The number of posterior draws to base the checks on. Must be less than or equal to the total number of posterior draws retained in the estimated model. If NULL (the default) the total number from the estimated model is used.

probs

The percentiles to be computed by the [stats::quantile()] function for summarizing the posterior distributions of the specified fit statistics.

return_draws

Proportion of posterior draws for each specified fit statistic to be returned. This does not affect the calculation of the posterior predictive checks, but can be useful for visualizing the fit statistics. For example, if ndraws = 500, return_draws = 0.2, and model_fit = "raw_score", then the raw score chi-square will be computed 500 times (once for each draw) and 100 of those values (0.2 * 500) will be returned. If 0 (the default), only summaries of the posterior are returned (no individual samples).

model_fit

The posterior predictive model checks to compute for an evaluation of model-level fit.

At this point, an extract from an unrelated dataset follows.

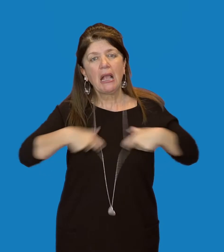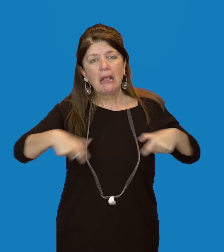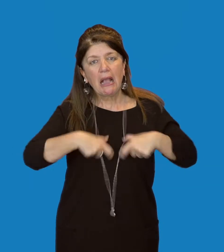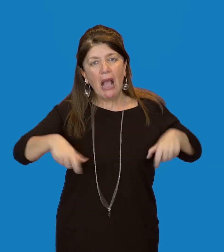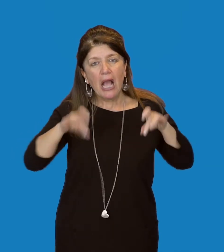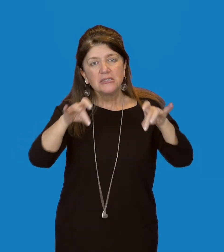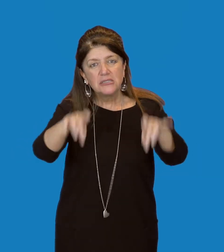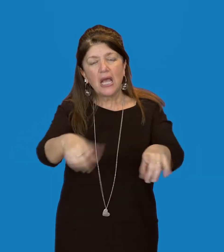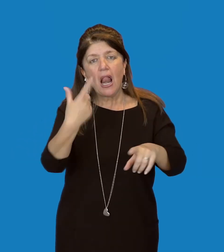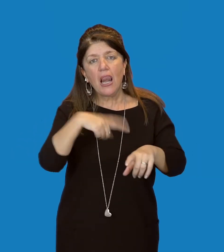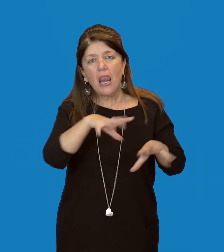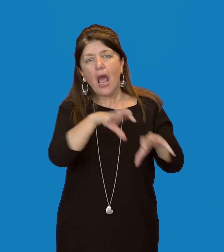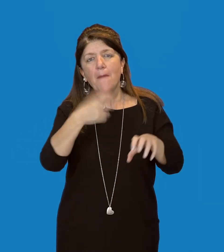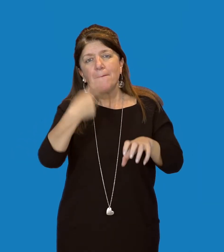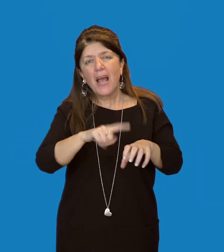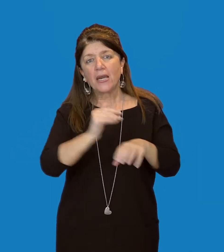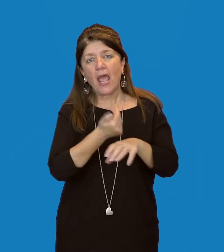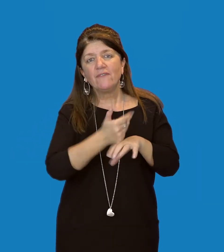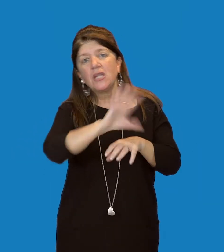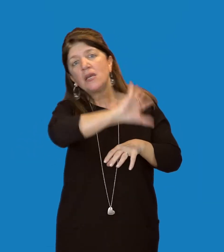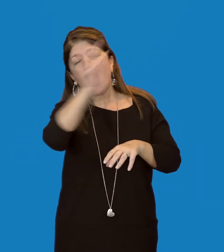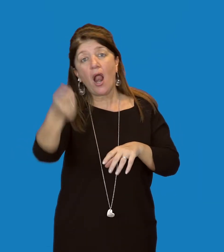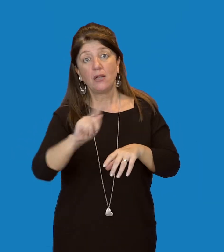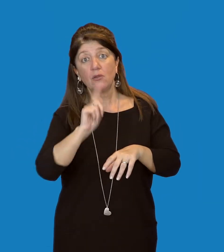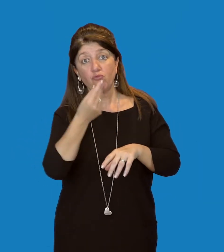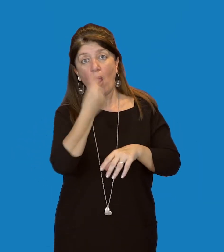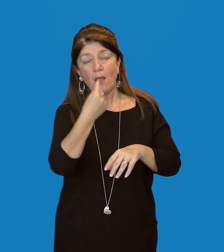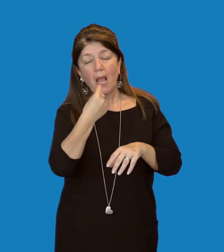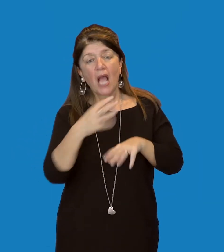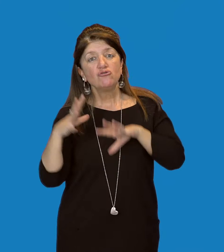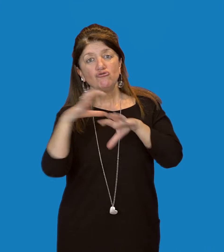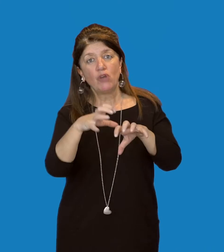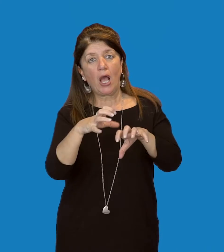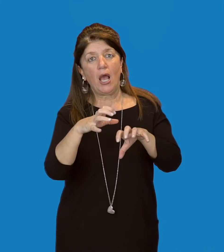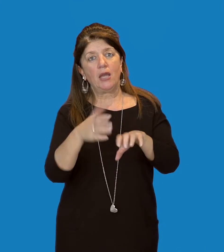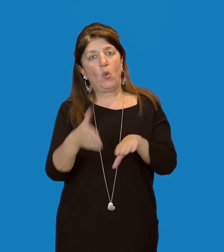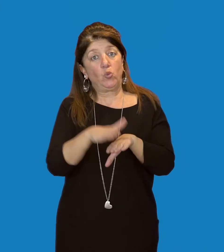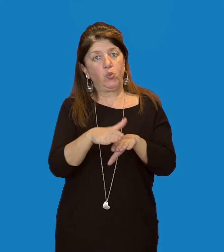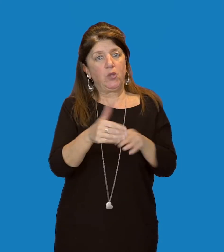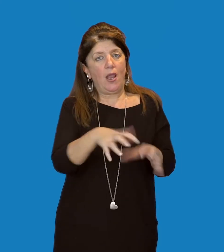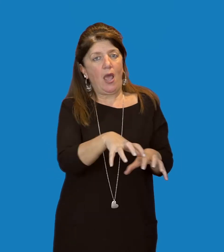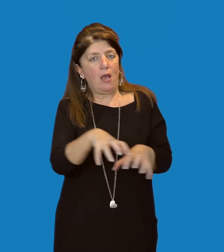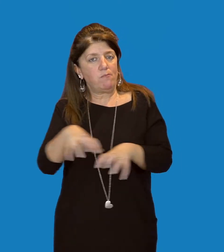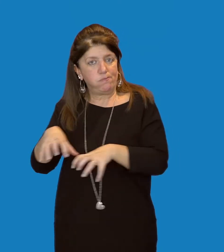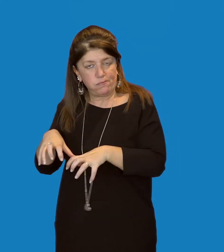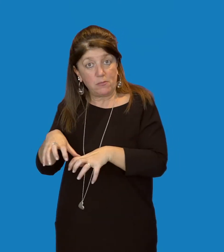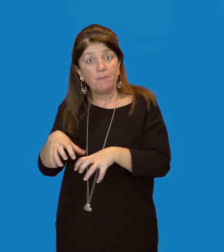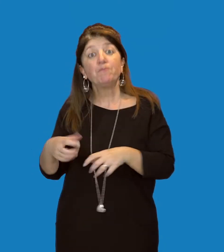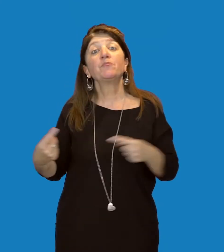ossia una gazzella del deserto, per difenderla da altri predatori opportunisti. A destra dell'ingresso

If NULL, no model-level checks are computed. See details.

item_fit

The posterior predictive model checks to compute for an evaluation of item-level fit. If NULL, no item-level checks are computed. Multiple checks can be provided in order to calculate more than one check simultaneously (e.g., item_fit = c("conditional_prob", "odds_ratio")). See details.

force

If all requested PPMCs have already been added to the model object using add_fit(), should they be recalculated. Default is FALSE.

Value

A list with two elements, "model_fit" and "item_fit". If either model_fit = NULL or item_fit = NULL in the function call, this will be a one-element list, with the null criteria excluded. Each list element, is itself a list with one element for each specified PPMC containing a tibble. For example if item_fit = c("conditional_prob", "odds_ratio"), the "item_fit" element will be a list of length two, where each element is a tibble containing the results of the PPMC. All tibbles follow the same general structure:

  • obs_{ppmc}: The value of the relevant statistic in the observed data.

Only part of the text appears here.